A. Voluntary cancellations of leases and rental agreements

 

When a tenant decides to move out, there are several things to consider. First, the tenant will need to check on the proper notice to give the landlord.

 

Leases that have no specific termination date (month-to-month or week-to-week rental agreements) continue automatically until they are ended by a written notice from either the landlord or the tenant. The landlord does not need to give any reason for ending the agreement, but s/he must give the tenant written notice in order make the tenant move. Similarly, the tenant can leave for any reason, but the tenant must give the landlord written notice, too. If the tenant does not give the landlord advance notice, the tenant may owe the landlord for rent for some time after moving out.

 


1. How much notice do I have to give?

 

The length of the notice required depends on how often the tenant pays rent. In a week-to-week tenancy the notice must be given 7 days in advance. A 30 day notice is required in a month-to-month tenancy. Remember, however, that the notice periods mean 7 or 30 days before the next rent payment is due, so if the landlord gives a notice on May 10 to a tenant who pays rent on the 1st of the month, the notice will not be effective until the end of the next full month (June 30).

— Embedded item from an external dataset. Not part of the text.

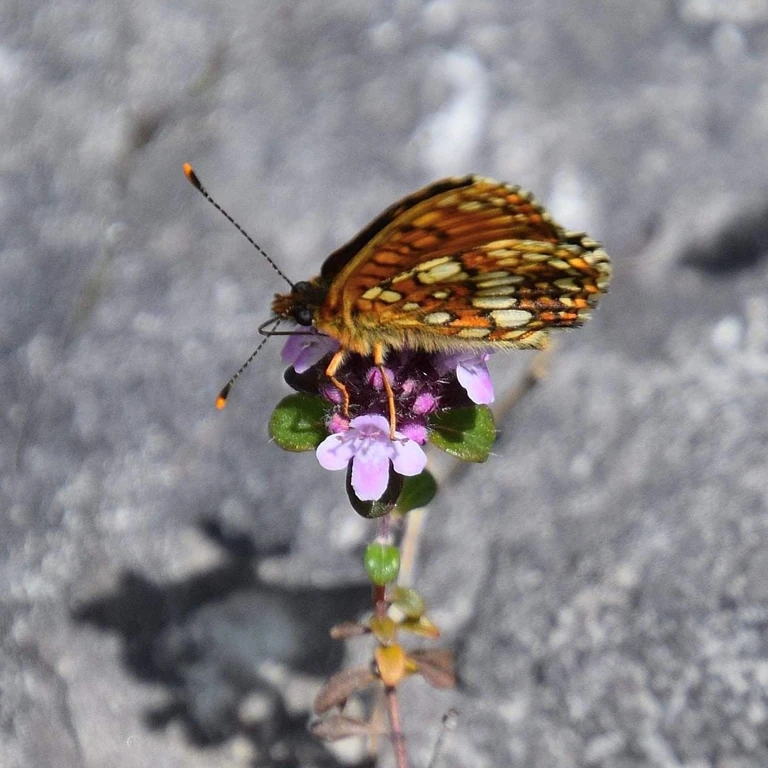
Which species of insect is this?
Melitaea diamina
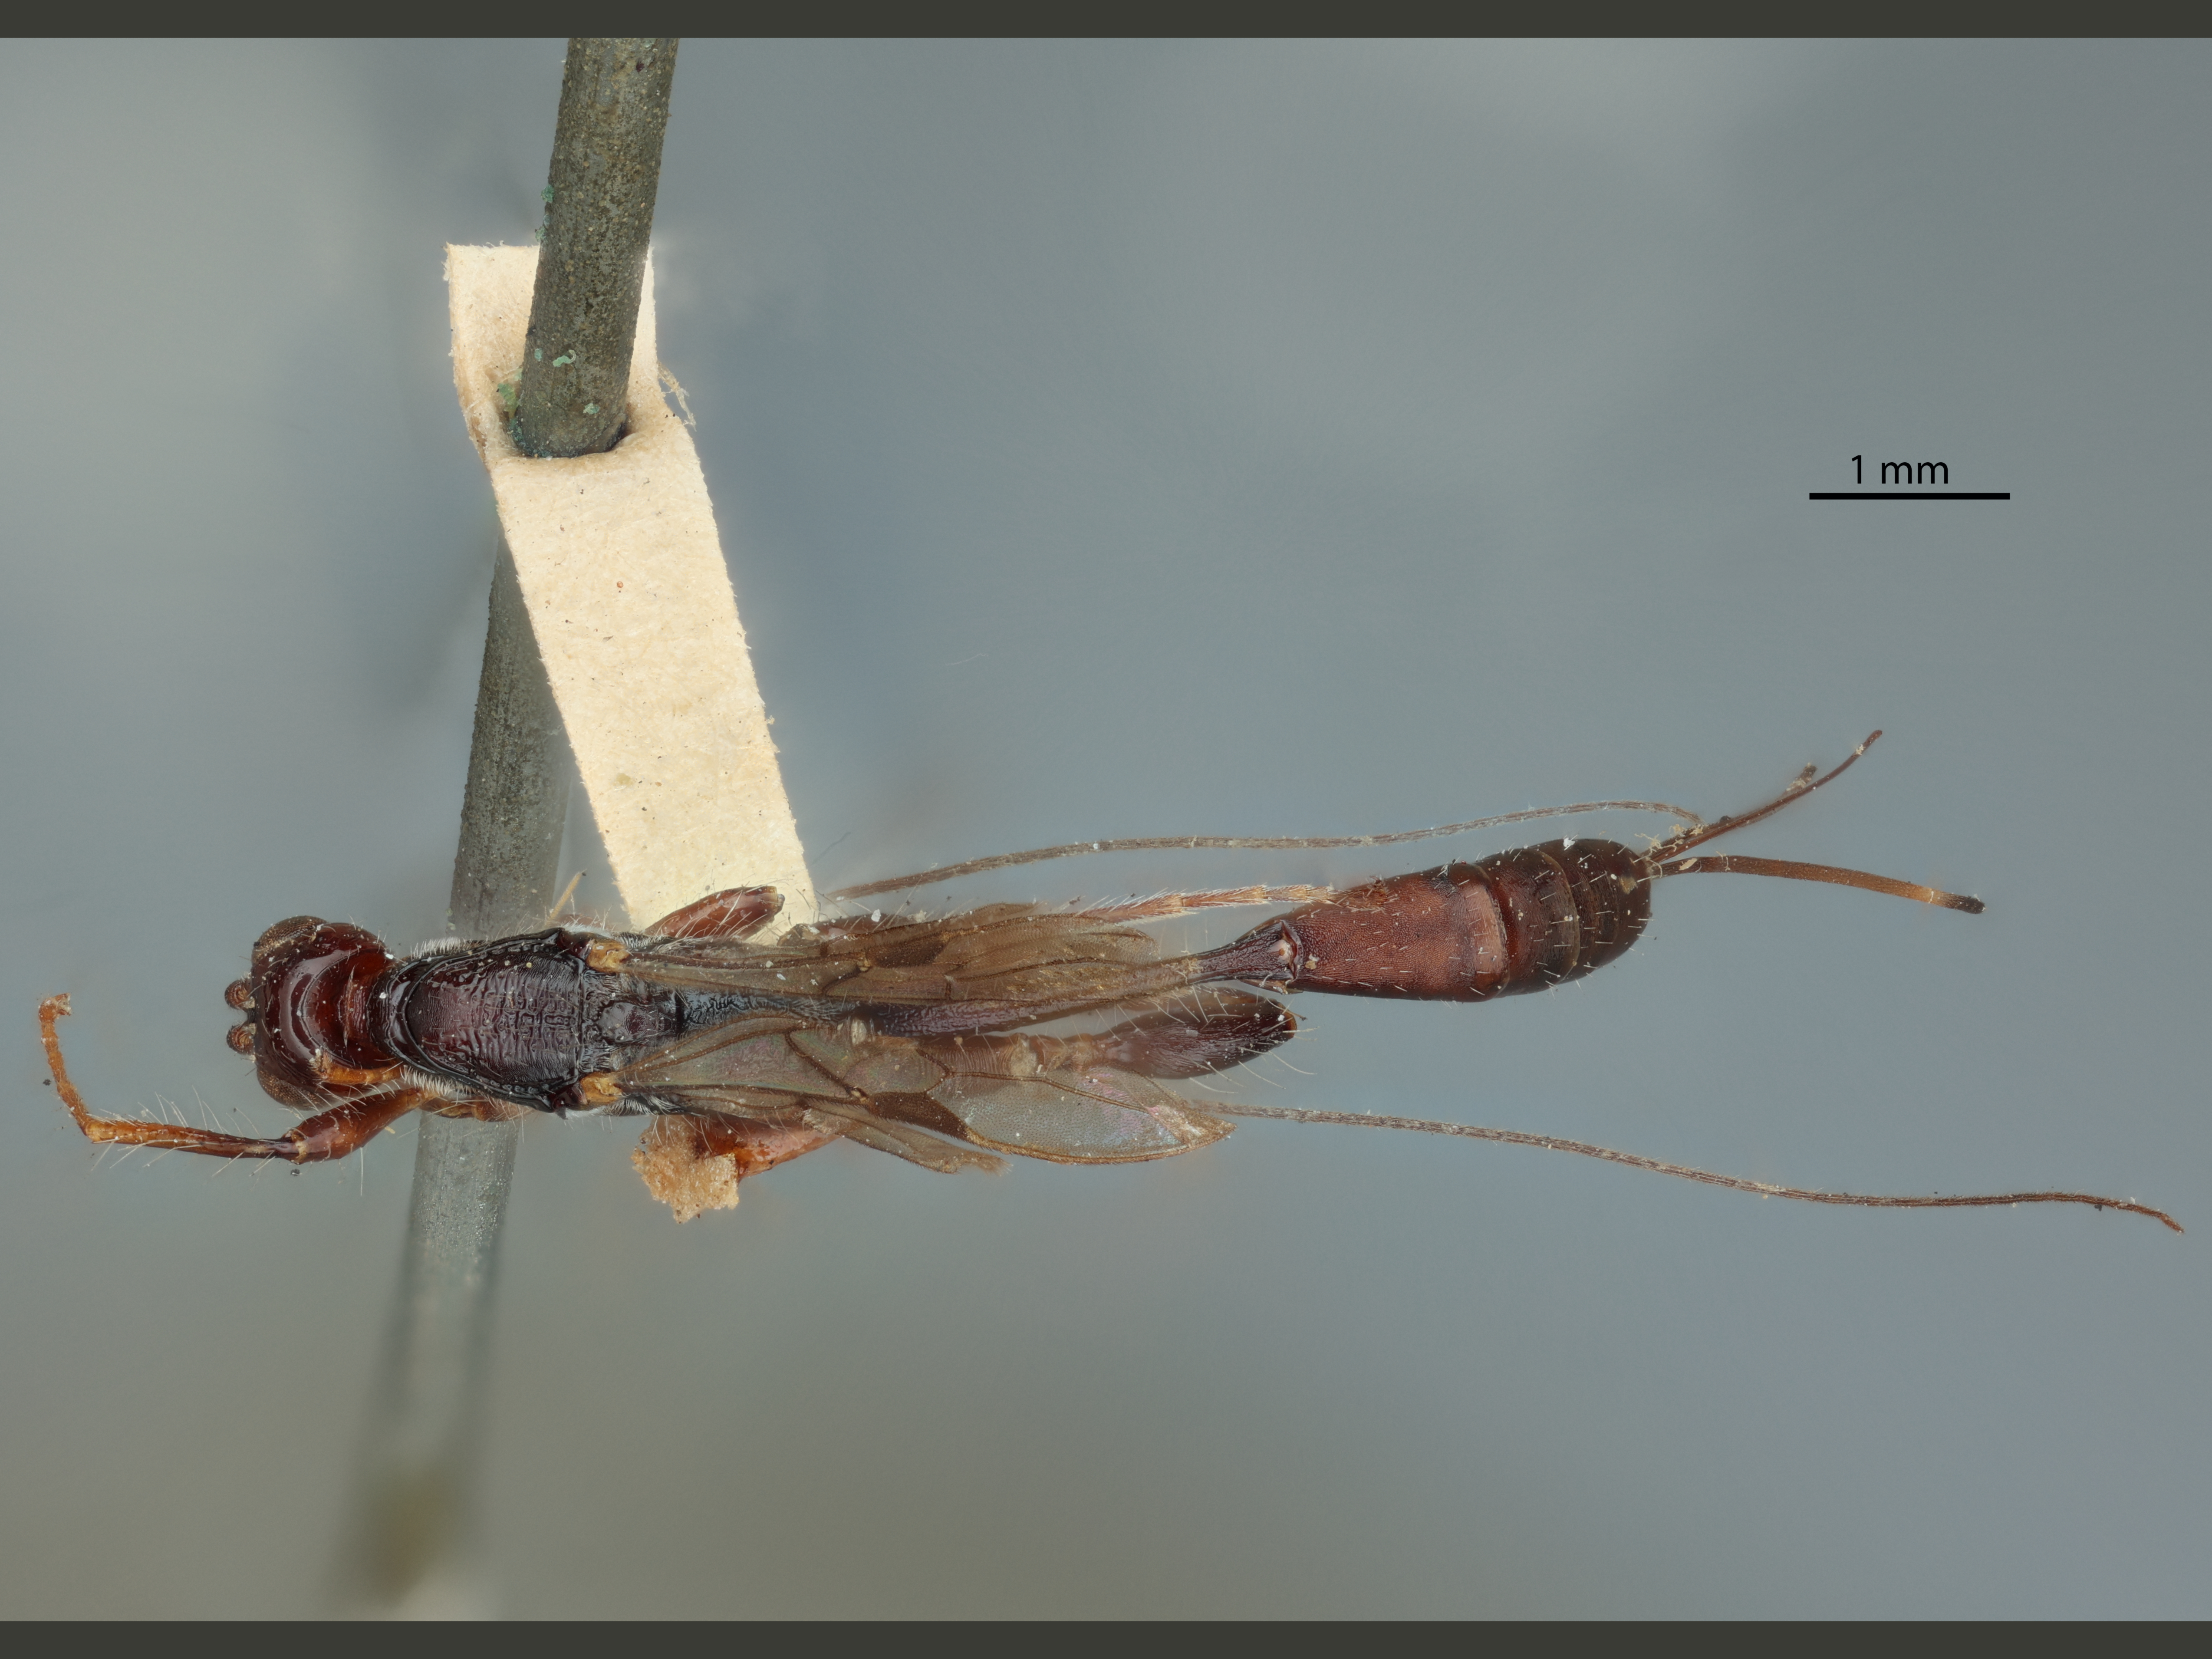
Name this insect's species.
Paraspathius proculus

Notice given on the day rent is due often is not sufficient because a full 30 days will not pass before the first day of the next rental period. Notice should generally be given on the day before rent is due, except for February which would require notice by January 28 or 29.

 

For fixed term leases, for example, a lease running from September 1, 2005 to August 31, 2006, there is usually no notice requirement, because the lease simply ends on August 31, 2006. However, notice is still customarily given on such leases so that there will be no question about an automatic renewal. A provision for automatic renewal may be contained in the lease, and the tenant should check for such a clause.

 

2. Failure to give proper notice

 

The tenant will be liable for damages the landlord suffers because of a failure to give proper notice. In a monthly agreement, the tenant can be liable for the rent for the next rental period. This amount can be deducted from the deposit, or the landlord can take the tenant to court for the damages. However, the landlord is required to make an honest effort to reduce damages by trying to get a new tenant. After the apartment is rented, the landlord cannot collect double rent. At that point, the remaining deposit, after subtracting for the amount of time the place was vacant, must be returned to the tenant.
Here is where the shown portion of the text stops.